* [YOUR TASK]
In your copy, reproduce each entry exactly and leave out the pictures.
• • • •
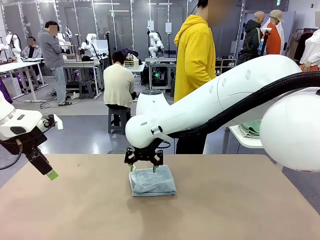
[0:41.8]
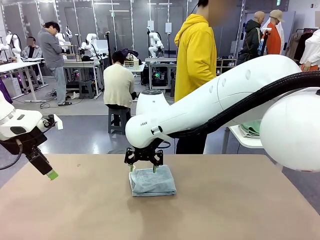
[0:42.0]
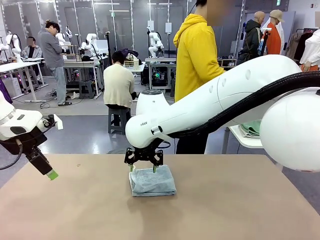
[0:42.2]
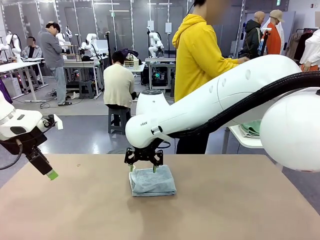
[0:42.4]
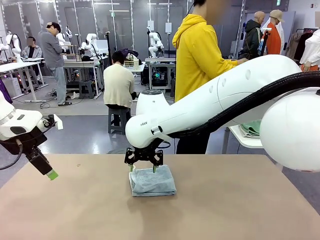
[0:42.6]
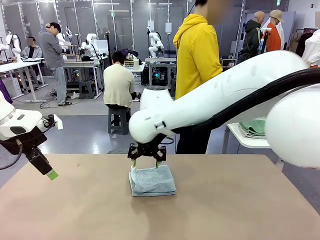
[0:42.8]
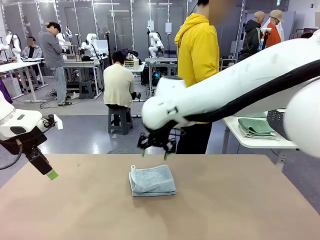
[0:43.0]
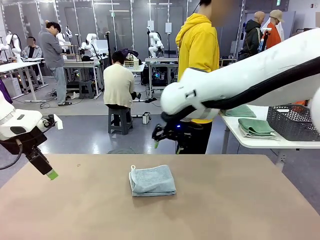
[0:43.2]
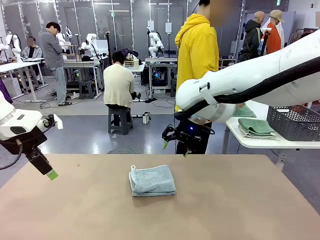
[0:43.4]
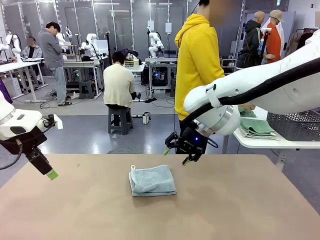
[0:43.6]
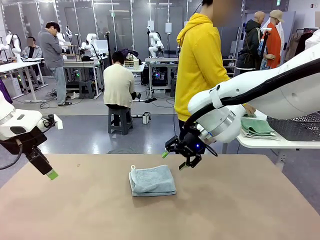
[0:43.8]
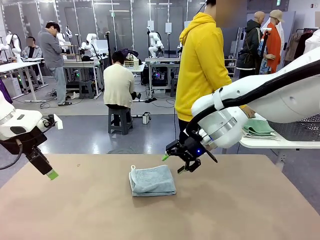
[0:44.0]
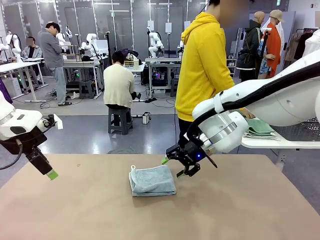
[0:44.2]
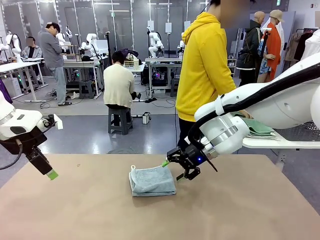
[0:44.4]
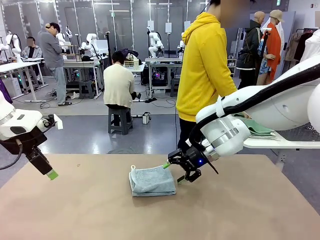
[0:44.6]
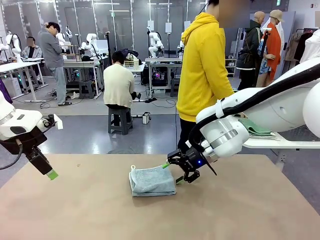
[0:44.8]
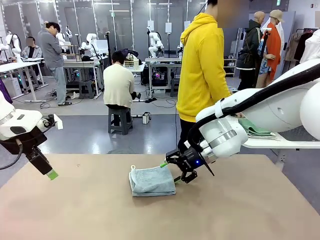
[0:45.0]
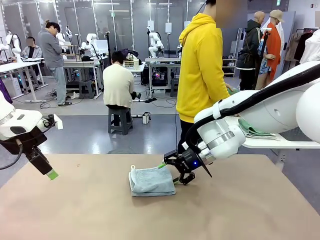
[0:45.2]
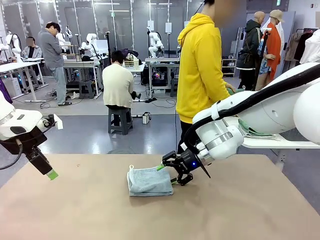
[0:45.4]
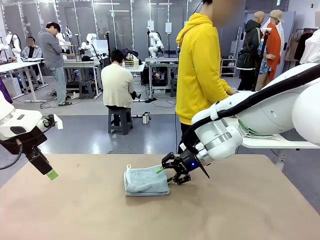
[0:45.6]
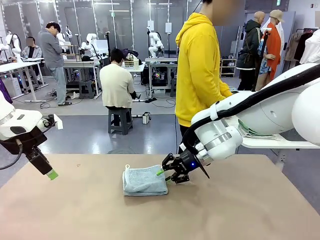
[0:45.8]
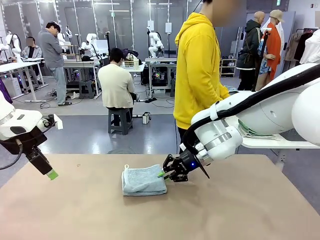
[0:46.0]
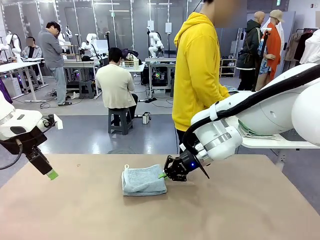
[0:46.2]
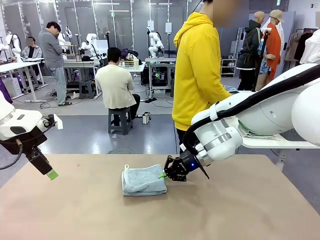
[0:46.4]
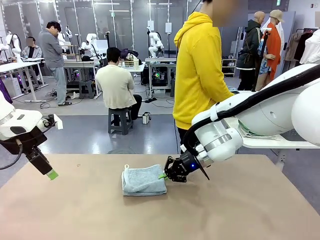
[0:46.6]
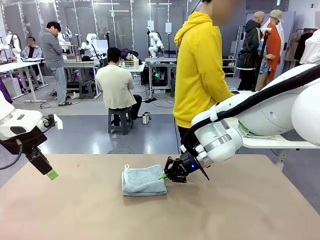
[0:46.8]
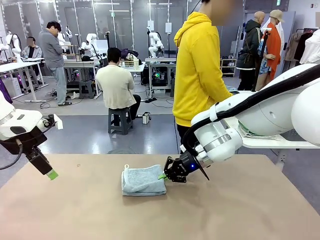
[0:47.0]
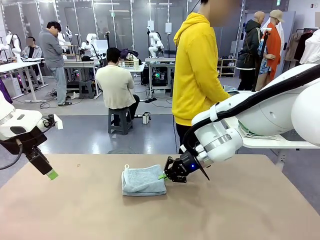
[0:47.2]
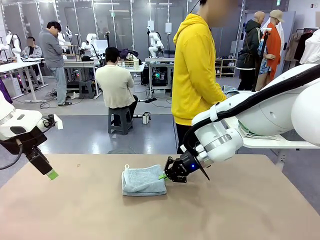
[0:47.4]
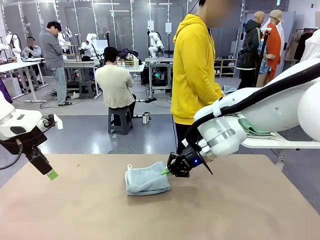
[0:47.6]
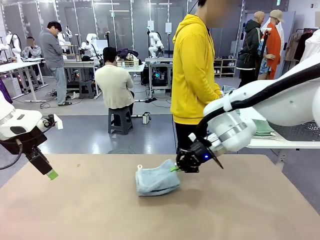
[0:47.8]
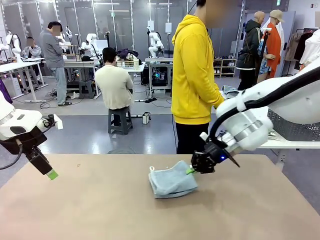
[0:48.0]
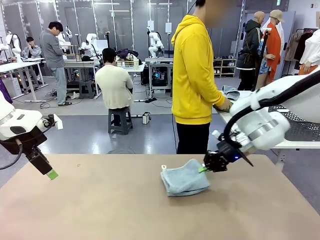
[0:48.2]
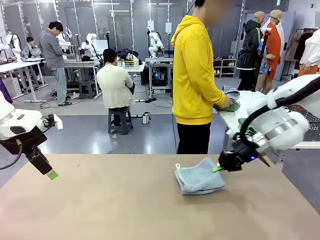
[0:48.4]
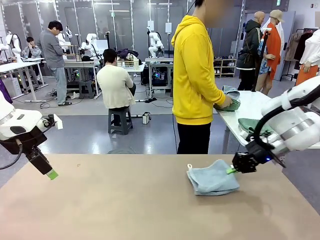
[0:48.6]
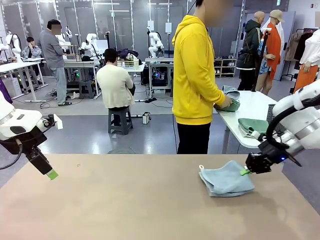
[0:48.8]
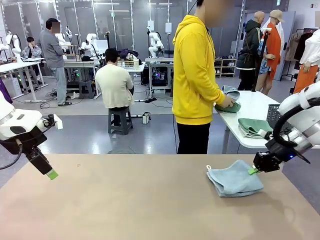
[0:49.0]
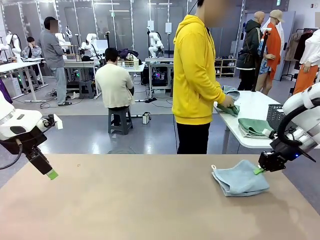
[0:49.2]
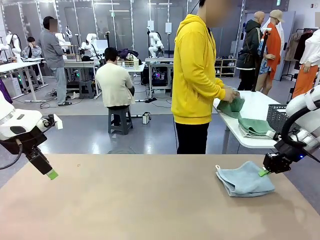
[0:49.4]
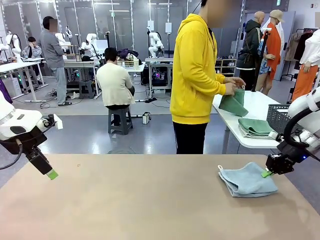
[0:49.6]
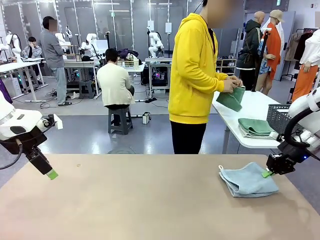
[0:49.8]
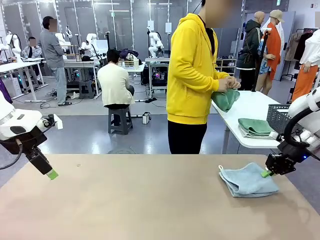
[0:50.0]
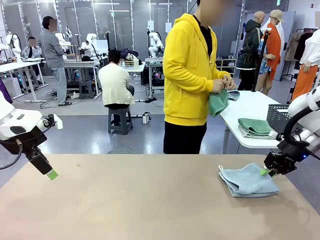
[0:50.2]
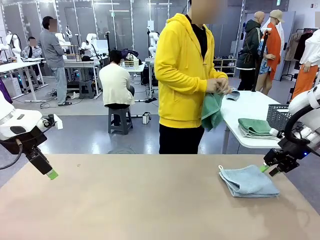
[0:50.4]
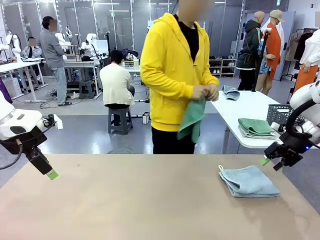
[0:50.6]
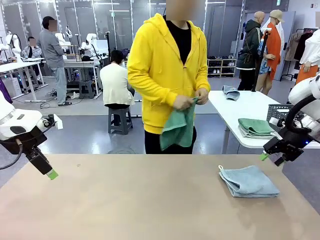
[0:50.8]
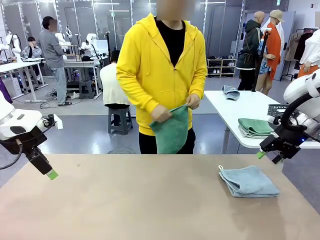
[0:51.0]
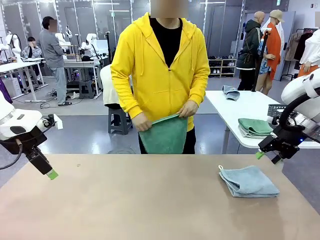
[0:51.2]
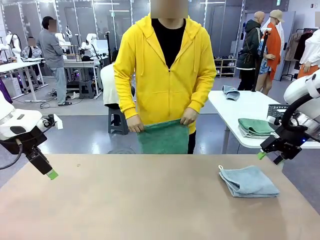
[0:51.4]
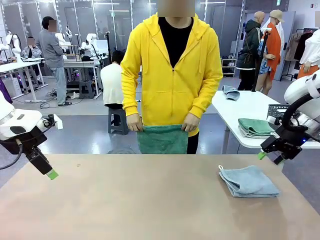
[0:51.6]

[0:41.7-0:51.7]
Task: Fold the towels and place them in the basket.
Robot: Place the folded Towel with hook on the right side of the table.
Person: Pick up one towel from the left side of the human table and spread it out at the center of the robot table.
• • • •
* [RESPONSE]
[0:41.8]
[0:42.0]
[0:42.2]
[0:42.4]
[0:42.6]
[0:42.8]
[0:43.0]
[0:43.2]
[0:43.4]
[0:43.6]
[0:43.8]
[0:44.0]
[0:44.2]
[0:44.4]
[0:44.6]
[0:44.8]
[0:45.0]
[0:45.2]
[0:45.4]
[0:45.6]
[0:45.8]
[0:46.0]
[0:46.2]
[0:46.4]
[0:46.6]
[0:46.8]
[0:47.0]
[0:47.2]
[0:47.4]
[0:47.6]
[0:47.8]
[0:48.0]
[0:48.2]
[0:48.4]
[0:48.6]
[0:48.8]
[0:49.0]
[0:49.2]
[0:49.4]
[0:49.6]
[0:49.8]
[0:50.0]
[0:50.2]
[0:50.4]
[0:50.6]
[0:50.8]
[0:51.0]
[0:51.2]
[0:51.4]
[0:51.6]

[0:41.7-0:51.7]
Task: Fold the towels and place them in the basket.
Robot: Place the folded Towel with hook on the right side of the table.
Person: Pick up one towel from the left side of the human table and spread it out at the center of the robot table.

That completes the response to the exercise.